Agree, but this is the Nemo vocab, correct? The differences I see are that they include also mappings to TaDiRAH that where previously unavailable.

dpancic commented 4 years ago

In GitLab by @vronk on Dec 13, 2019, 19:15

Indeed, you're right. I mixed up those two. :( So the comment belongs to NeMO. #1

dpancic commented 4 years ago

In GitLab by @vronk on Apr 8, 2020, 16:46

closed

dpancic commented 4 years ago

In GitLab by @vronk on May 28, 2020, 11:58

We seem to have some issues with TaDiRAH, with respect to identifying/referencing the individual concepts. Currently TaDiRAH is ingested in PoolParty and gets a poolparty.biz-identifier, e.g.: Research Activities: https://sshoc.poolparty.biz/Vocabularies/tadirah-activities/98241f0e751154ab (using hash for the concept - AFAI understood, this has been introduced lately by Sotiris, to circumvent the problem with unallowed characters in the concept label (#4).

In the MP a version is ingested however with identifiers in the (original) form: https://sshoc.poolparty.biz/Vocabularies/tadirah-activities/Analysis (i.e. the concept label is part of the URL)

Also the internal identifier in MP is basically its label

See also example result from MP-API: https://sshoc-marketplace-api.acdh-dev.oeaw.ac.at/api/concept-search?q=Analysis

However the concepts also have their "original" identifiers in the tadirah.dariah.eu namespace: http://tadirah.dariah.eu/vocab/index.php?tema=6 and vocabularyserver.com http://vocabularyserver.com/tadirah/en/?tema=6

And moreover there is work on a new version of TaDiRAH, which will be available under https://vocabs.dariah.eu...

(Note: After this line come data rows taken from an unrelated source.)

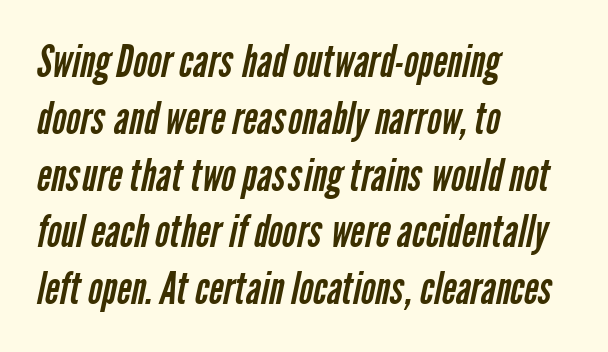
The image shows 44 px regular-weight, condensed sans-serif type; set left-aligned, normal line spacing (1.29x), normal letter spacing, not underlined; low stroke contrast and a medium x-height.
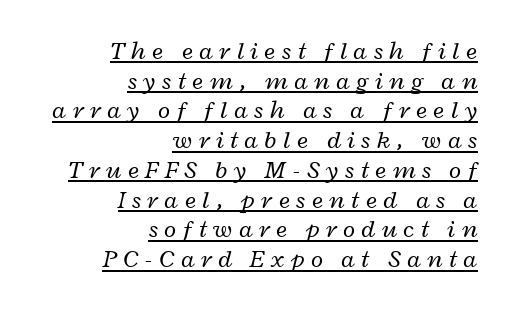
Q: Is the text bold? A: No.
Q: Is the text italic (slanted)? A: Yes, it leans right by about 12 degrees.
Q: Is the text underlined? A: Yes.
Q: How is the paragraph aligned? A: Right-aligned.
Q: Is the spacing between letters normal or unusually wide? A: Unusually wide.
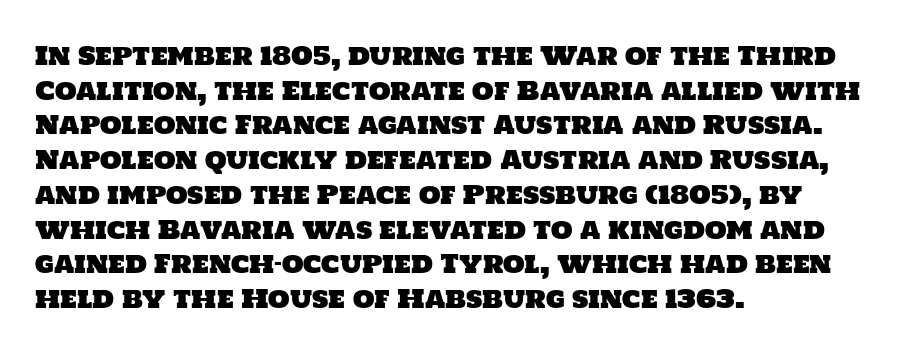
The image shows 25 px text type; set left-aligned, normal line spacing (1.39x), normal letter spacing, not underlined.
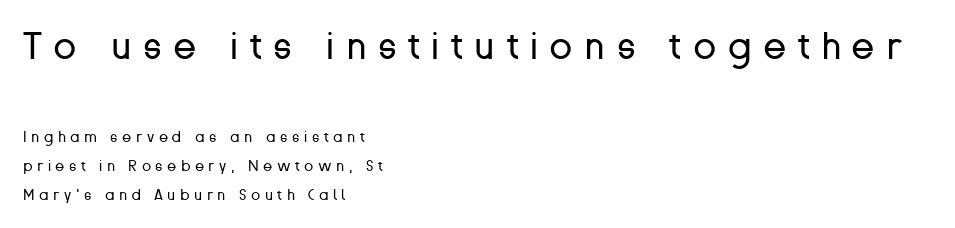
{"serif": "no", "italic": "no", "bold": "no", "weight": "regular", "width": "normal", "stroke_contrast": "low", "x_height": "medium", "monospaced": "no", "underline": "no", "align": "left", "line_spacing": "loose", "line_spacing_ratio": 1.94, "letter_spacing": "wide", "letter_spacing_em": 0.3, "larger_block": "first", "size_ratio": 2.53, "glyph_px": 38}
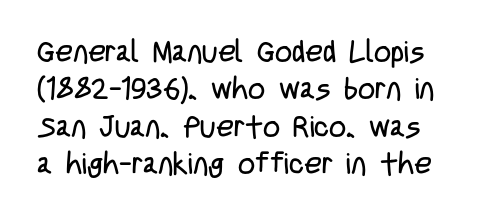
The image shows 30 px regular-weight, condensed sans-serif type, upright; set normal line spacing (1.25x), normal letter spacing, not underlined; low stroke contrast and a large x-height.
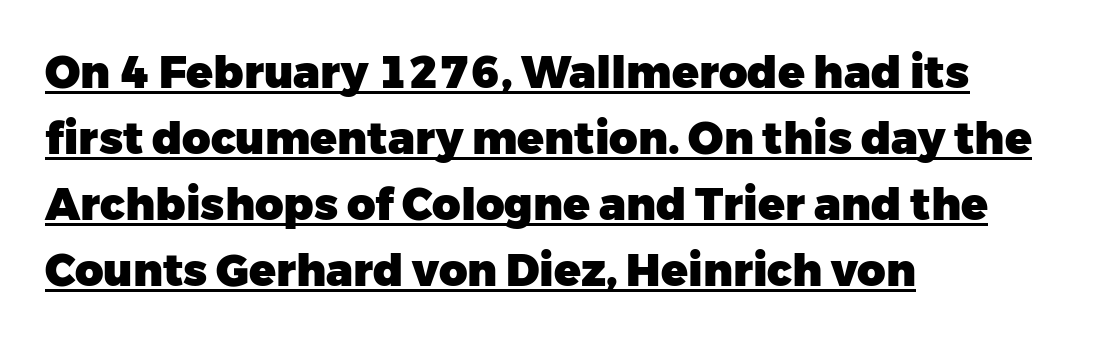
{"serif": "no", "italic": "no", "bold": "yes", "weight": "heavy", "width": "normal", "stroke_contrast": "low", "x_height": "medium", "monospaced": "no", "underline": "yes", "align": "left", "line_spacing": "normal", "line_spacing_ratio": 1.5, "letter_spacing": "normal", "letter_spacing_em": 0.0, "glyph_px": 44}
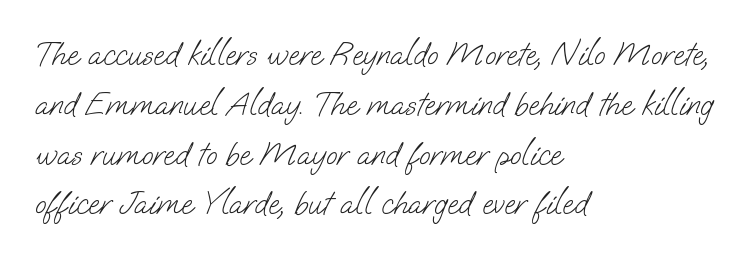
Q: Is the text bold? A: No.
Q: Is the typeface a serif or a sans-serif typeface? A: Sans-serif.
Q: Is the text underlined? A: No.
Q: How is the paragraph aligned? A: Left-aligned.
Q: Is the spacing between letters normal or unusually wide? A: Normal.
Q: Is the spacing between lines tight, normal or loose? A: Normal.
Q: Width (condensed, normal, or wide)? A: Normal.
Q: Stroke contrast? A: Low.
Q: x-height? A: Small.
Q: Monospaced? A: No.
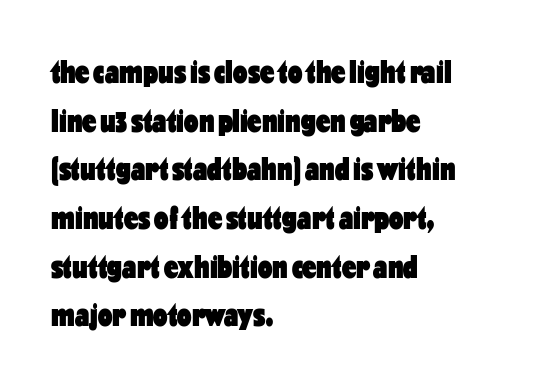
Q: Is the text bold? A: Yes.
Q: Is the text italic (slanted)? A: No, it is upright.
Q: Is the typeface a serif or a sans-serif typeface? A: Sans-serif.
Q: Is the text underlined? A: No.
Q: How is the paragraph aligned? A: Left-aligned.
Q: Is the spacing between letters normal or unusually wide? A: Normal.
Q: Is the spacing between lines tight, normal or loose? A: Normal.
Q: Width (condensed, normal, or wide)? A: Condensed.
Q: Stroke contrast? A: Low.
Q: x-height? A: Medium.
Q: Monospaced? A: No.
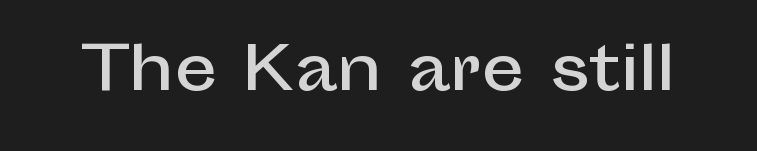
The image shows 60 px sans-serif type, upright; set normal letter spacing, not underlined; low stroke contrast and a medium x-height.
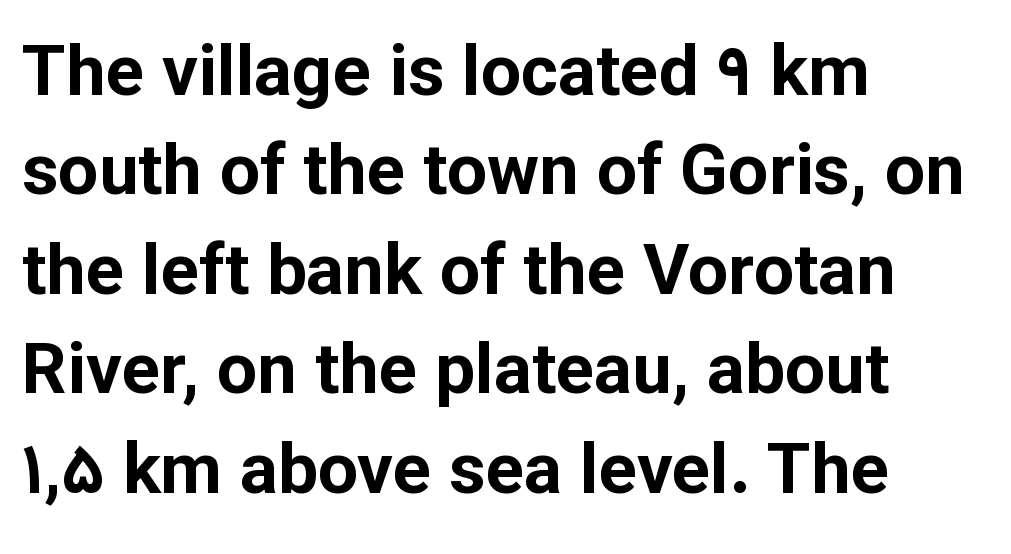
{"serif": "no", "italic": "no", "bold": "yes", "weight": "bold", "width": "normal", "stroke_contrast": "low", "x_height": "medium", "monospaced": "no", "underline": "no", "align": "left", "line_spacing": "normal", "line_spacing_ratio": 1.4, "letter_spacing": "normal", "letter_spacing_em": 0.0, "glyph_px": 71}
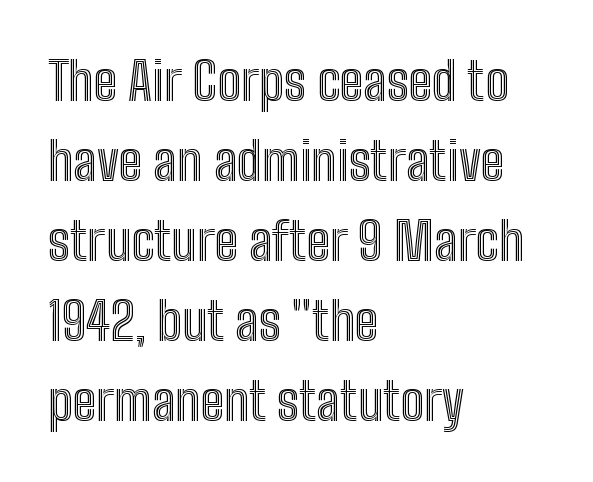
The image shows 53 px condensed type, upright; set left-aligned, normal line spacing (1.51x), normal letter spacing, not underlined; a medium x-height.
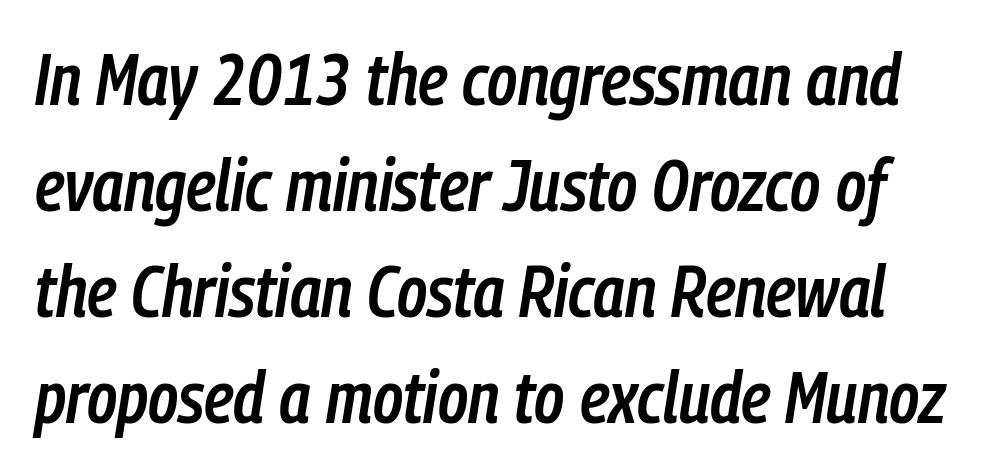
The image shows 72 px semibold, condensed type, italic (leaning right); set normal line spacing (1.47x), normal letter spacing, not underlined; low stroke contrast and a medium x-height.
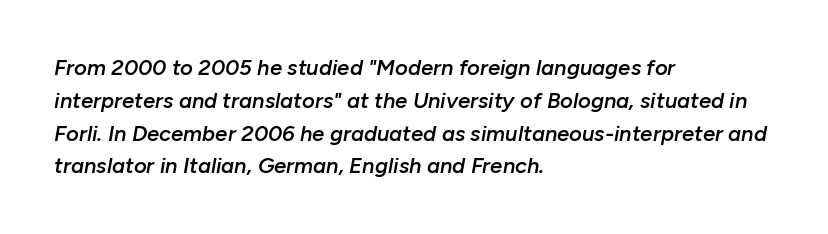
Q: Is the text bold? A: Semi-bold.
Q: Is the text italic (slanted)? A: Yes, it leans right by about 10 degrees.
Q: Is the text underlined? A: No.
Q: How is the paragraph aligned? A: Left-aligned.
Q: Is the spacing between letters normal or unusually wide? A: Normal.
Q: Is the spacing between lines tight, normal or loose? A: Normal.
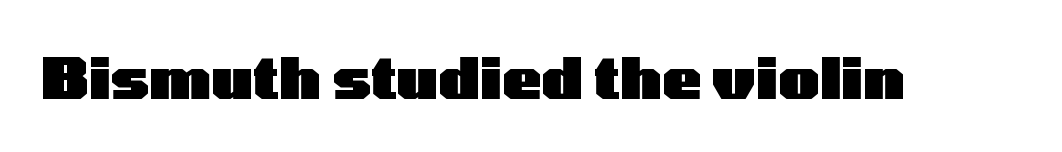
Q: Is the text bold? A: Yes.
Q: Is the text italic (slanted)? A: No, it is upright.
Q: Is the typeface a serif or a sans-serif typeface? A: Sans-serif.
Q: Is the text underlined? A: No.
Q: Is the spacing between letters normal or unusually wide? A: Normal.
Q: Width (condensed, normal, or wide)? A: Wide.
Q: Stroke contrast? A: Low.
Q: x-height? A: Medium.
Q: Monospaced? A: No.
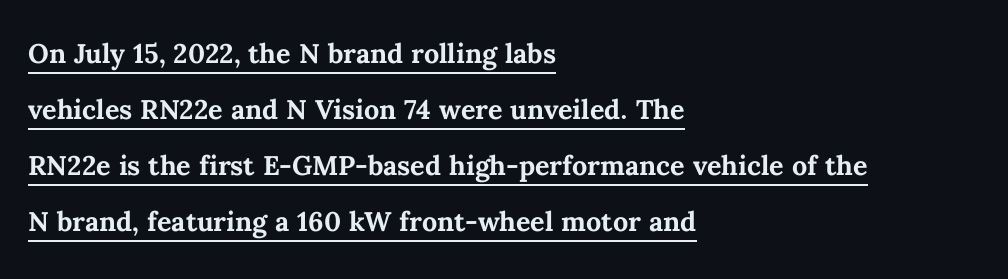
Q: Is the text bold? A: Yes.
Q: Is the text italic (slanted)? A: No, it is upright.
Q: Is the text underlined? A: Yes.
Q: How is the paragraph aligned? A: Left-aligned.
Q: Is the spacing between letters normal or unusually wide? A: Normal.
Q: Is the spacing between lines tight, normal or loose? A: Normal.
Q: Width (condensed, normal, or wide)? A: Normal.
Q: Stroke contrast? A: Medium.
Q: x-height? A: Medium.
Q: Monospaced? A: No.
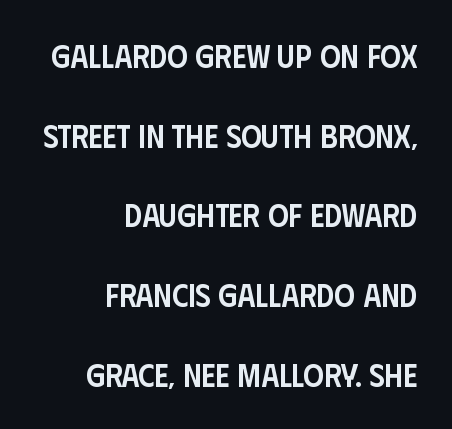
Tracking here is standard; glyphs follow each other at the usual distance. The type family on display is of the sans-serif kind. The zone under the glyphs is completely vacant. A bit beefed up — I'd call it semibold rather than bold. The rendering uses natural spacing where letterforms have individual widths.
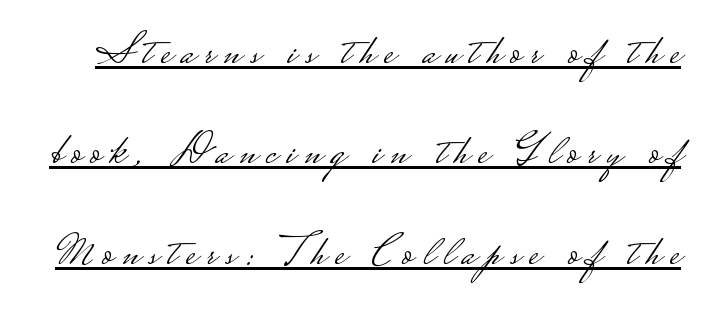
The image shows 45 px light, wide sans-serif type; set loose line spacing (2.23x), unusually wide letter spacing (+0.21 em), underlined; low stroke contrast.
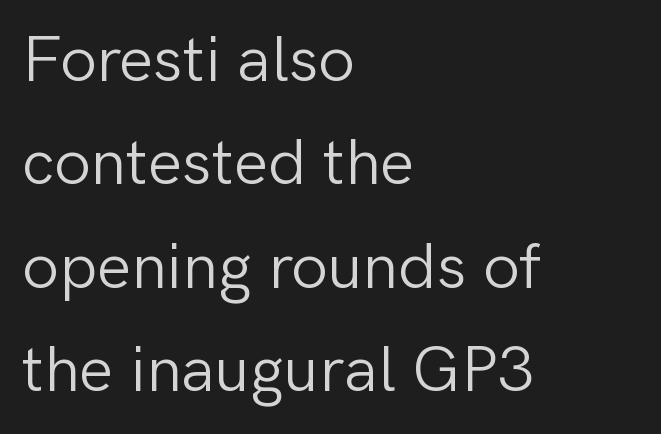
{"serif": "no", "italic": "no", "bold": "no", "weight": "light", "width": "normal", "stroke_contrast": "low", "x_height": "medium", "monospaced": "no", "underline": "no", "align": "left", "line_spacing": "normal", "line_spacing_ratio": 1.59, "letter_spacing": "normal", "letter_spacing_em": 0.0, "glyph_px": 65}
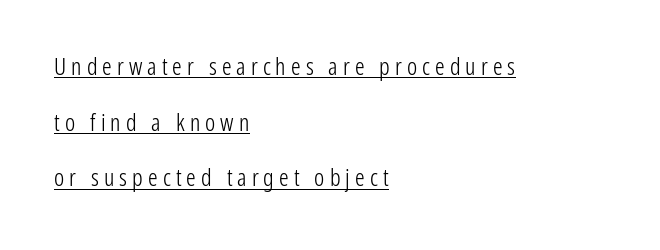
{"italic": "no", "bold": "no", "underline": "yes", "align": "left", "line_spacing": "loose", "line_spacing_ratio": 2.32, "letter_spacing": "wide", "letter_spacing_em": 0.21, "glyph_px": 24}
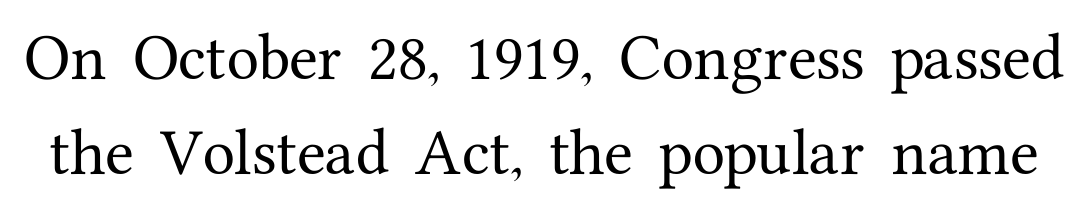
The image shows 53 px serif type, upright; set line spacing 1.79x, normal letter spacing, not underlined; medium stroke contrast and a medium x-height.
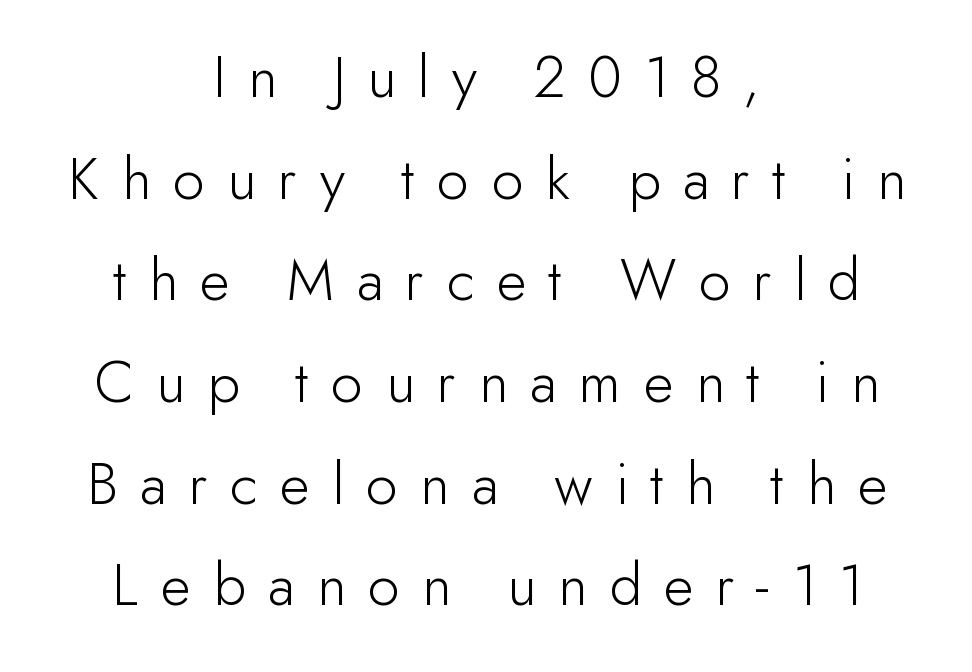
The image shows 62 px light sans-serif type, upright; set centered, normal line spacing (1.64x), unusually wide letter spacing (+0.36 em), not underlined; low stroke contrast and a small x-height.
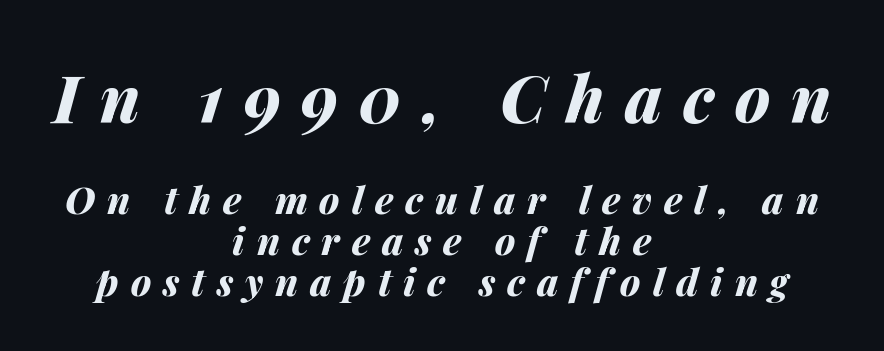
The image shows 66 px bold type, italic (leaning right); set centered, tight line spacing (1.08x), unusually wide letter spacing (+0.31 em), not underlined; the first (top) block is 1.74x larger; medium stroke contrast and a medium x-height.
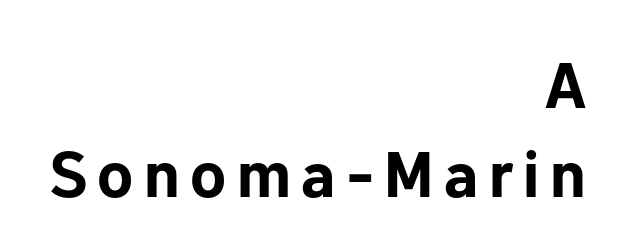
{"serif": "no", "italic": "no", "bold": "yes", "weight": "bold", "width": "normal", "stroke_contrast": "low", "x_height": "medium", "monospaced": "no", "underline": "no", "align": "right", "line_spacing": "normal", "line_spacing_ratio": 1.39, "glyph_px": 64}
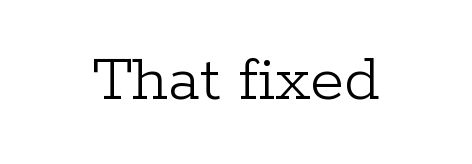
These lines are composed in type with serifs. Glance below the letters and you will spot only blank space. Centered paragraph, ragged on both sides. Think standard paragraph weight, or any step lighter than that. Here the glyphs are tracked normally, forming tight word shapes. Here the designer chose a conventional face with non-uniform glyph widths.
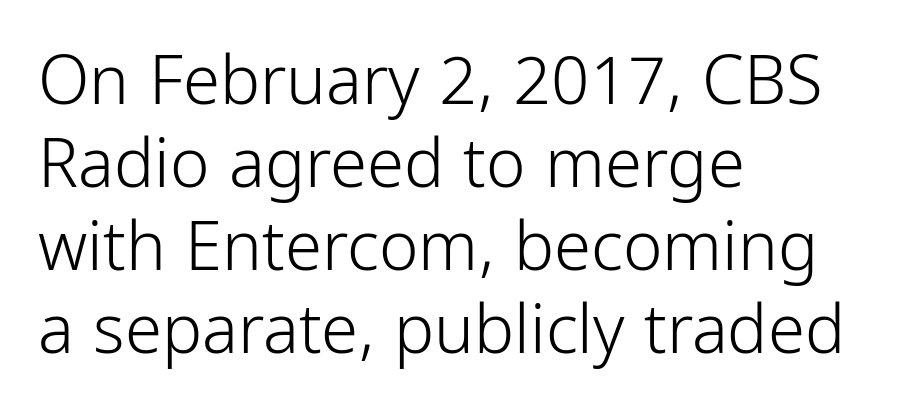
Q: Is the text bold? A: No.
Q: Is the text italic (slanted)? A: No, it is upright.
Q: Is the typeface a serif or a sans-serif typeface? A: Sans-serif.
Q: Is the text underlined? A: No.
Q: How is the paragraph aligned? A: Left-aligned.
Q: Is the spacing between letters normal or unusually wide? A: Normal.
Q: Width (condensed, normal, or wide)? A: Condensed.
Q: Stroke contrast? A: Low.
Q: x-height? A: Medium.
Q: Monospaced? A: No.
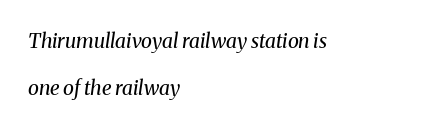
Any mark beneath the type? The region is blank. Yep, that's italic — everything's leaning. The block of text is sparse from top to bottom, with ample space between rows. No extra tracking has been applied to these lines. Horizontal alignment here is leftward, the default for most running prose. The characters are drawn with everyday or finer stroke widths.
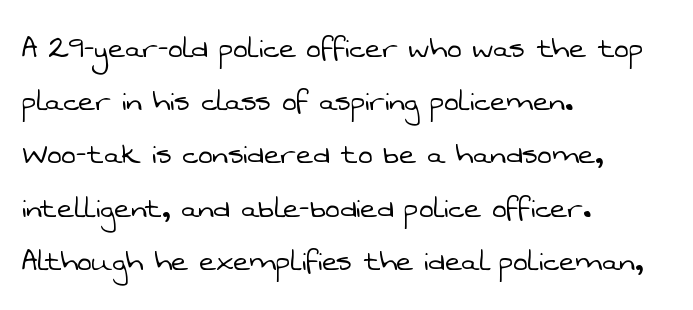
{"serif": "no", "bold": "no", "weight": "light", "width": "normal", "stroke_contrast": "low", "x_height": "medium", "monospaced": "no", "underline": "no", "align": "left", "line_spacing": "normal", "line_spacing_ratio": 1.52, "letter_spacing": "normal", "letter_spacing_em": 0.0, "glyph_px": 35}
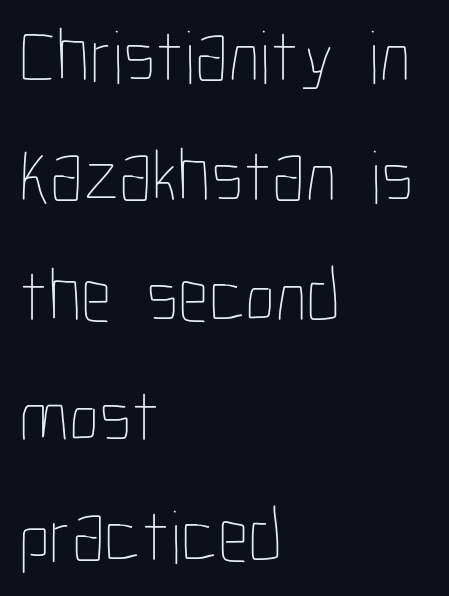
The image shows 76 px thin, condensed type, upright; set left-aligned, normal line spacing (1.58x), normal letter spacing, not underlined; low stroke contrast and a medium x-height.

Furthermore the concepts are being referenced in the source data mostly via labels.

Where does this lead us...? I guess for the lookup from sources we cannot but rely on the labels (as we have nothing better).

The question is what should be the main identifier for the concepts, combined with the decision, what would we consider the authoritative location/version of the vocabulary.

A specific issue I believe is the discussion between @vronk and @tparkola regarding the hashing of the concept-uris in poolparty.

Any suggestions, comments more than welcome.